Geraldine had been sitting on a carton of books, leafing through a picture book on sunlit Wales and feeling as if she hadn't seen the sun for weeks, when the stone smashed the window. By the time she'd dragged the doors open, the street was deserted. Whoever had thrown the missile could have dodged into a house or be hiding nearby in the dark.

She went back to Jeremy, who was reading the note that had been wrapped around the stone. 'Don't you worry,' he was muttering. 'But it won't be because you want it, you bastards.'

Geraldine put one arm around his shoulders and read the childish handwriting. DONT STAY WHERE YOUR NOT WANTED, the message said. 'I don't want to wait until tomorrow,' Jeremy said.

'Suppose they don't stop at throwing stones? Suppose they set fire to the shop?'

'Let them, if that's how small their minds are. The shop and the stock are insured, anyway. Bastards!' he shouted without warning, and lurched toward the door, then halted. 'They wouldn't let us see their faces? So much for the openness Mann's supposed to have brought to Moonwell. So much for their so-called faith.'

'Never mind, Jeremy. I agree with you, we might as well leave now.' Surely the gravestone had meant simply that Jonathan wanted to be near them, and she didn't like to think of his being anywhere in this dark that made her feel she was asleep and about to start a nightmare. The sooner they were out the better, for Jeremy's sake too. 'We'd better tell Diana we're going today.'

'We can tell her on the way.'

They went through the shop and their rooms to check sockets and locks, and Geraldine was saddened to realize how little she regretted leaving. Jeremy went to the van, while she locked up. 'We won't stop to talk,' he said as he drove to Diana's.

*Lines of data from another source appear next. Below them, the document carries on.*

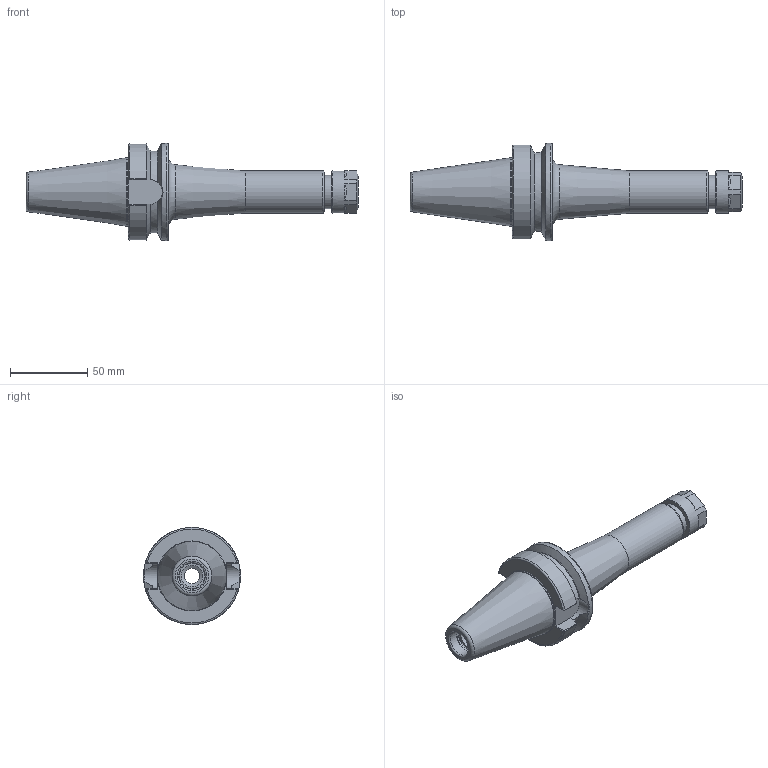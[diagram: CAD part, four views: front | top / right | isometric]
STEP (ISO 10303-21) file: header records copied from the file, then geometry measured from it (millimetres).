
FILE_DESCRIPTION(/* description */ (''),/* implementation_level */ '2;1');
FILE_NAME(/* name */ 'DBT40-SX10-150.stp',/* time_stamp */ '2019-06-20T09:58:44-05:00',/* author */ ('ldfli'),/* organization */ (''),/* preprocessor_version */ 'ST-DEVELOPER v18',/* originating_system */ 'Autodesk Inventor LT',/* authorisation */ '');
FILE_SCHEMA (('AUTOMOTIVE_DESIGN { 1 0 10303 214 3 1 1 }'));
Length unit declared in the file: millimetre
Products named in the file (1): DBT40-SX10-150
Bounding box: 215.4 x 63 x 63 mm (x, y, z)
Volume: 191903.3 mm3; surface area: 39221.8 mm2
Topology: 2 solids, 2 shells, 113 faces, 327 edges, 227 vertices
Faces by surface type: plane 45, cylinder 21, cone 20, torus 17, bspline 10
Full cylindrical faces by diameter (mm): 10.106 x1, 12.5 x1, 12.8 x1, 13.835 x1, 14.7 x1, 17 x1, 17.5 x1, 20.5 x1, 21.5 x1, 21.8 x1, 22.2 x1, 27.5 x2, 44.45 x1, 63 x1
Entity records: 4383 total; most frequent: CARTESIAN_POINT 1373, ORIENTED_EDGE 654, DIRECTION 619, EDGE_CURVE 327, AXIS2_PLACEMENT_3D 262, VERTEX_POINT 227, CIRCLE 158, EDGE_LOOP 126

Diana wasn't there. Perhaps she was up by the church, where quite a few people were heading. Whatever noise had drawn them had been blotted out by the sounds of the van. 'Anyway, she's got the key,' Jeremy said, and swung the van round, back toward the bookshop and the road beyond.

The lights of Moonwell shrank into a huddle as the road swooped up into the dark. It wasn't like driving at night, and not only because she knew it was still afternoon. The dark seemed thicker than night, and somehow closer - like being slowly frozen in black ice, she thought. When the headlights reached the top of the slope, the dark seemed to collapse toward them from all sides, from the horizon. But the van was speeding onward, down toward the woods.

Two oaks reached across the road, their branches tangled so inextricably that it looked as if they'd grown together. The van sped under the tangled arch, and at once the dark seemed even closer, trapped under the trees. Jeremy leaned over the steering wheel. "The sooner we're out of here the better,' he growled, and she wished he wouldn't say what she was trying not to think.

She glanced back as the van reached the first curve of the forest road. Compared with the dark in here the sky looked lighter, almost grey. The next moment it was gone, and ahead was only the cramped patch of lit road, trees seeming to step forward on cue as the edges of the headlight beams touched them. When the road dipped, it felt as if the dark were dragging the van down. 'Well, we're on our way,' she said, to cheer them up.

The road curved, curved again. The trees leaned closer, linking branches overhead, then fell back for a lay-by. As far as Geraldine recalled, it was the only one on the forest road. It would be harder to turn the van now, though why should they want to? Each curve took them closer to the main road, and surely that meant out of the dark. Once they were out, they would laugh at their fears, laugh so much they might have to stop the van.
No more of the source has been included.